A Guide for Testers of GPS Devices and Systems

Technical & Application Notes

What is the Global Positioning System (GPS)?

To understand how to test gps devices, it is first important to understand a little background about the satellite technology itself. GPS is a satellite-based radio navigation system developed and operated by the U.S. Department of Defense (DOD). GPS consists of three segments: space, control, and user.

The Space Segment consists of a minimum of 24 operational satellites in six circular orbits 20,200 km (10,900 NM) above the earth at an inclination angle of 55 degrees with a 12 hour period. The satellites are spaced in orbit so that at any time a minimum of six satellites will be in view to users anywhere in the world. These solar powered satellites continuously broadcast position and time data. There are currently 32 satellites to allow maintenance and repairs to be done while still maintaining the minimum 24 satellites in orbit.

The Control Segment consists of a master control station, with five monitor stations and three ground antennas located throughout the world. The monitor stations track all GPS satellites in view and collect ranging information from the satellite broadcasts. The monitor stations send the information they collect from each of the satellites back to the master control station, which computes extremely precise satellite orbits. The information is then formatted into updated navigation messages for each satellite. The updated information is transmitted to each satellite via the ground antennas, which also transmit and receive satellite control and monitoring signals.

The User Segment consists of the receivers, processors and antennas that allow land, sea, or airborne operators to receive the GPS satellite broadcasts and compute their precise position, velocity and time.

The GPS concept of operation is based upon satellite ranging.
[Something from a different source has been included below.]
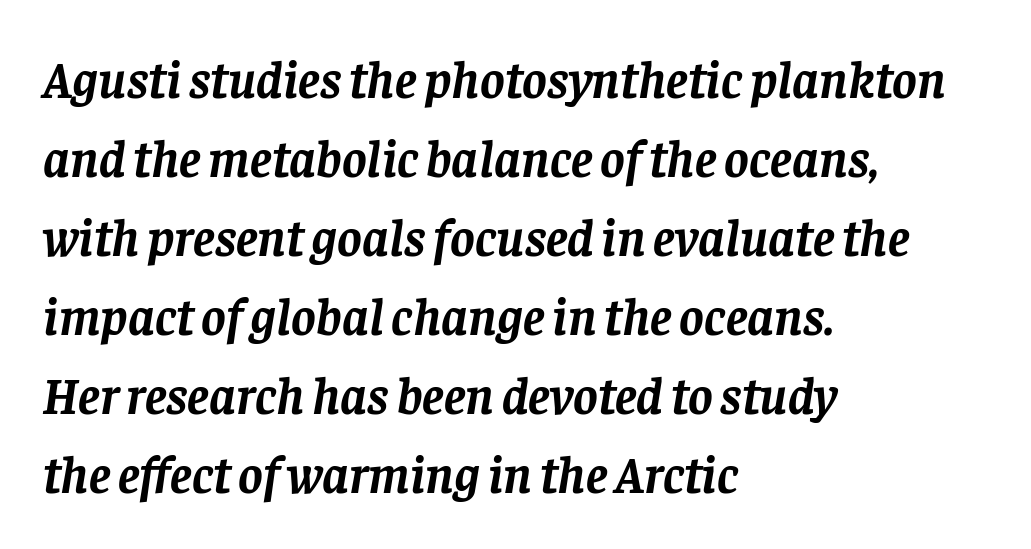
The image shows 52 px semibold serif type, italic (leaning right); set left-aligned, normal line spacing (1.52x), normal letter spacing, not underlined; low stroke contrast and a large x-height.

Users figure their position on the earth by measuring their distance from the group of satellites in space. The satellites act as precise reference points.

Each GPS satellite transmits an accurate position and time signal. The user’s receiver measures the time delay for the signal to reach the receiver, which is the direct measure of the apparent range to the satellite. Measurements collected simultaneously from four satellites are processed to solve for the three dimensions of position, velocity and time.

The GPS L1 Signal

The GPS L1 signal consists of three parts: the carrier frequency, the ranging code, and the navigation message.

The ranging code and navigation message are modulated onto the carrier frequency. The carrier frequency for L1 is 1575.42MHz.

The ranging code and navigation message are modulated onto the carrier frequency. The carrier frequency for L1 is 1575.42MHz.

There are two ranging codes: C/A (course/acquisition) code and P (precision) code. The P-code has been encrypted and modulated for military/government use and transmitted as the P(Y)-code. The C/A code is a 1023 bit pseudorandom noise (PRN) sequence that identifies the satellite. It is transmitted at a rate of 1.023 Mbps so the signal repeats every millisecond. The receiver recognizes the satellite by its PRN code.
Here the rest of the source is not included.